Task to carry out →
Below are records to be output exactly, every one of them.
::::::::::
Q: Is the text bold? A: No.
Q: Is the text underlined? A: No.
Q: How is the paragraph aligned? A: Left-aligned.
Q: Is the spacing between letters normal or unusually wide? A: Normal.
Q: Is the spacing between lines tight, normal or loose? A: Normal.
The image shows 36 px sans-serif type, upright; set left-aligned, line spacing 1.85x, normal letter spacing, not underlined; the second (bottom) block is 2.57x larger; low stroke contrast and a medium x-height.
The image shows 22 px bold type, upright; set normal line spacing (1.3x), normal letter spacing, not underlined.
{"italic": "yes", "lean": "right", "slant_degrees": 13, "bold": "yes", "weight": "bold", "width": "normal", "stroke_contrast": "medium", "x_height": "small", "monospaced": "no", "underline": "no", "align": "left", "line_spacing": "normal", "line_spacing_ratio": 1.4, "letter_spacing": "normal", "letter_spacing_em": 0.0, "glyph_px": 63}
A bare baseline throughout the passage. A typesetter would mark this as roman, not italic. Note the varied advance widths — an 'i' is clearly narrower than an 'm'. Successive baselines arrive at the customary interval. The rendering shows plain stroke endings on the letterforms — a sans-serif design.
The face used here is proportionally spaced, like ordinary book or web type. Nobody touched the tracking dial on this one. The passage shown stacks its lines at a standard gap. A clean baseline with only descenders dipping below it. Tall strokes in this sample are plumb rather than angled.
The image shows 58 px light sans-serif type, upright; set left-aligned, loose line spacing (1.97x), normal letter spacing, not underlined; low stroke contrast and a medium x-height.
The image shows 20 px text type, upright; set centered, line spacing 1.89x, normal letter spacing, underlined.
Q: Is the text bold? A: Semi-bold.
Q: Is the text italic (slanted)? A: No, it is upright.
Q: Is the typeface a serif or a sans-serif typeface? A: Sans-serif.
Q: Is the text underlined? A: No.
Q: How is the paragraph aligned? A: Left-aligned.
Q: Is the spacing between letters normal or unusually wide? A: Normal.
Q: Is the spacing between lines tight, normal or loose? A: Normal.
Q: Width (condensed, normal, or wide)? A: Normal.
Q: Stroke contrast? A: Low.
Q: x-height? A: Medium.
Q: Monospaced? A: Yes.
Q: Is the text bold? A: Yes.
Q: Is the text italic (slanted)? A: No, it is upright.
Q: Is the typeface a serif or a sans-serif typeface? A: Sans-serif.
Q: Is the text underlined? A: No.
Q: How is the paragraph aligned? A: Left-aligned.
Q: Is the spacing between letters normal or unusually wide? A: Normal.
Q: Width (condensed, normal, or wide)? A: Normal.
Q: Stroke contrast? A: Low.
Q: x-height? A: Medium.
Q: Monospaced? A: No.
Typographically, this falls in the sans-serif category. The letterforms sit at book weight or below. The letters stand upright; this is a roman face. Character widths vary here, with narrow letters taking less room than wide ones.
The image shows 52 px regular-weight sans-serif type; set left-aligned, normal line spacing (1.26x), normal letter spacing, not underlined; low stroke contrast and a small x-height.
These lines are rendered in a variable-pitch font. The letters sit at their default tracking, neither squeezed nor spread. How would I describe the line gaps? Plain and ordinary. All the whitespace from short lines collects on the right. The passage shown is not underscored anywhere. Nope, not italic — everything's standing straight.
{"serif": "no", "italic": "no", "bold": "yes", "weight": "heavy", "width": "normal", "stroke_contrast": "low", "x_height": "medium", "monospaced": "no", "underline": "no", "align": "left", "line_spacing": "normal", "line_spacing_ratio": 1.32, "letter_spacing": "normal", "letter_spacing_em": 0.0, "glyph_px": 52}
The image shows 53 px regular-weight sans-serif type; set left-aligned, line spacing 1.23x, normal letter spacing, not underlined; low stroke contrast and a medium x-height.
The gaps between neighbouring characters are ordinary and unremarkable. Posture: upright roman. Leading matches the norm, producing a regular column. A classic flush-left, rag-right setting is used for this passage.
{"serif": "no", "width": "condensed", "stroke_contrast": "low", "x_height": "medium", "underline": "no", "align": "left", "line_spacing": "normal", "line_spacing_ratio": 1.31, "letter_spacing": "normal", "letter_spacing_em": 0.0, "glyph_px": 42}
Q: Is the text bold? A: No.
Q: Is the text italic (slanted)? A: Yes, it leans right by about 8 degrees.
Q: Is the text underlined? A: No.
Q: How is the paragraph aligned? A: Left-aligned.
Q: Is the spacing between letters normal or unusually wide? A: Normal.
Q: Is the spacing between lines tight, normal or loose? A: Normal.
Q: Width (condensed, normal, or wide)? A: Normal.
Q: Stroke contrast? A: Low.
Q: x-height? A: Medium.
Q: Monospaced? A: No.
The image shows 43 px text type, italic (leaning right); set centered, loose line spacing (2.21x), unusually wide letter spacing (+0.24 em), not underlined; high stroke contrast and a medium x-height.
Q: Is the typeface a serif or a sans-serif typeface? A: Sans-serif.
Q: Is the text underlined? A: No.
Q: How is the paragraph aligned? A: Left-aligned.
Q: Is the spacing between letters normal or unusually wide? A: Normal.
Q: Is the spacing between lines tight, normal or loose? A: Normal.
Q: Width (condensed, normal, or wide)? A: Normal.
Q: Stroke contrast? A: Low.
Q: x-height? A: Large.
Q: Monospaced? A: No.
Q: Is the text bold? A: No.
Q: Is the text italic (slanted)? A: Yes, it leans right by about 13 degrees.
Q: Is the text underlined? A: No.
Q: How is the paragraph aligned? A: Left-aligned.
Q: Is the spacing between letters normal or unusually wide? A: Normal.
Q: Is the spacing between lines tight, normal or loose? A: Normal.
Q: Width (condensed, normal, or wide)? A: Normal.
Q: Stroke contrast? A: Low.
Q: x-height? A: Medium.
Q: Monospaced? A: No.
::::::::::
Output of the exercise →
Q: Is the text bold? A: No.
Q: Is the text underlined? A: No.
Q: How is the paragraph aligned? A: Left-aligned.
Q: Is the spacing between letters normal or unusually wide? A: Normal.
Q: Is the spacing between lines tight, normal or loose? A: Normal.
The image shows 36 px sans-serif type, upright; set left-aligned, line spacing 1.85x, normal letter spacing, not underlined; the second (bottom) block is 2.57x larger; low stroke contrast and a medium x-height.
The image shows 22 px bold type, upright; set normal line spacing (1.3x), normal letter spacing, not underlined.
{"italic": "yes", "lean": "right", "slant_degrees": 13, "bold": "yes", "weight": "bold", "width": "normal", "stroke_contrast": "medium", "x_height": "small", "monospaced": "no", "underline": "no", "align": "left", "line_spacing": "normal", "line_spacing_ratio": 1.4, "letter_spacing": "normal", "letter_spacing_em": 0.0, "glyph_px": 63}
A bare baseline throughout the passage. A typesetter would mark this as roman, not italic. Note the varied advance widths — an 'i' is clearly narrower than an 'm'. Successive baselines arrive at the customary interval. The rendering shows plain stroke endings on the letterforms — a sans-serif design.
The face used here is proportionally spaced, like ordinary book or web type. Nobody touched the tracking dial on this one. The passage shown stacks its lines at a standard gap. A clean baseline with only descenders dipping below it. Tall strokes in this sample are plumb rather than angled.
The image shows 58 px light sans-serif type, upright; set left-aligned, loose line spacing (1.97x), normal letter spacing, not underlined; low stroke contrast and a medium x-height.
The image shows 20 px text type, upright; set centered, line spacing 1.89x, normal letter spacing, underlined.
Q: Is the text bold? A: Semi-bold.
Q: Is the text italic (slanted)? A: No, it is upright.
Q: Is the typeface a serif or a sans-serif typeface? A: Sans-serif.
Q: Is the text underlined? A: No.
Q: How is the paragraph aligned? A: Left-aligned.
Q: Is the spacing between letters normal or unusually wide? A: Normal.
Q: Is the spacing between lines tight, normal or loose? A: Normal.
Q: Width (condensed, normal, or wide)? A: Normal.
Q: Stroke contrast? A: Low.
Q: x-height? A: Medium.
Q: Monospaced? A: Yes.
Q: Is the text bold? A: Yes.
Q: Is the text italic (slanted)? A: No, it is upright.
Q: Is the typeface a serif or a sans-serif typeface? A: Sans-serif.
Q: Is the text underlined? A: No.
Q: How is the paragraph aligned? A: Left-aligned.
Q: Is the spacing between letters normal or unusually wide? A: Normal.
Q: Width (condensed, normal, or wide)? A: Normal.
Q: Stroke contrast? A: Low.
Q: x-height? A: Medium.
Q: Monospaced? A: No.
Typographically, this falls in the sans-serif category. The letterforms sit at book weight or below. The letters stand upright; this is a roman face. Character widths vary here, with narrow letters taking less room than wide ones.
The image shows 52 px regular-weight sans-serif type; set left-aligned, normal line spacing (1.26x), normal letter spacing, not underlined; low stroke contrast and a small x-height.
These lines are rendered in a variable-pitch font. The letters sit at their default tracking, neither squeezed nor spread. How would I describe the line gaps? Plain and ordinary. All the whitespace from short lines collects on the right. The passage shown is not underscored anywhere. Nope, not italic — everything's standing straight.
{"serif": "no", "italic": "no", "bold": "yes", "weight": "heavy", "width": "normal", "stroke_contrast": "low", "x_height": "medium", "monospaced": "no", "underline": "no", "align": "left", "line_spacing": "normal", "line_spacing_ratio": 1.32, "letter_spacing": "normal", "letter_spacing_em": 0.0, "glyph_px": 52}
The image shows 53 px regular-weight sans-serif type; set left-aligned, line spacing 1.23x, normal letter spacing, not underlined; low stroke contrast and a medium x-height.
The gaps between neighbouring characters are ordinary and unremarkable. Posture: upright roman. Leading matches the norm, producing a regular column. A classic flush-left, rag-right setting is used for this passage.
{"serif": "no", "width": "condensed", "stroke_contrast": "low", "x_height": "medium", "underline": "no", "align": "left", "line_spacing": "normal", "line_spacing_ratio": 1.31, "letter_spacing": "normal", "letter_spacing_em": 0.0, "glyph_px": 42}
Q: Is the text bold? A: No.
Q: Is the text italic (slanted)? A: Yes, it leans right by about 8 degrees.
Q: Is the text underlined? A: No.
Q: How is the paragraph aligned? A: Left-aligned.
Q: Is the spacing between letters normal or unusually wide? A: Normal.
Q: Is the spacing between lines tight, normal or loose? A: Normal.
Q: Width (condensed, normal, or wide)? A: Normal.
Q: Stroke contrast? A: Low.
Q: x-height? A: Medium.
Q: Monospaced? A: No.
The image shows 43 px text type, italic (leaning right); set centered, loose line spacing (2.21x), unusually wide letter spacing (+0.24 em), not underlined; high stroke contrast and a medium x-height.
Q: Is the typeface a serif or a sans-serif typeface? A: Sans-serif.
Q: Is the text underlined? A: No.
Q: How is the paragraph aligned? A: Left-aligned.
Q: Is the spacing between letters normal or unusually wide? A: Normal.
Q: Is the spacing between lines tight, normal or loose? A: Normal.
Q: Width (condensed, normal, or wide)? A: Normal.
Q: Stroke contrast? A: Low.
Q: x-height? A: Large.
Q: Monospaced? A: No.
Q: Is the text bold? A: No.
Q: Is the text italic (slanted)? A: Yes, it leans right by about 13 degrees.
Q: Is the text underlined? A: No.
Q: How is the paragraph aligned? A: Left-aligned.
Q: Is the spacing between letters normal or unusually wide? A: Normal.
Q: Is the spacing between lines tight, normal or loose? A: Normal.
Q: Width (condensed, normal, or wide)? A: Normal.
Q: Stroke contrast? A: Low.
Q: x-height? A: Medium.
Q: Monospaced? A: No.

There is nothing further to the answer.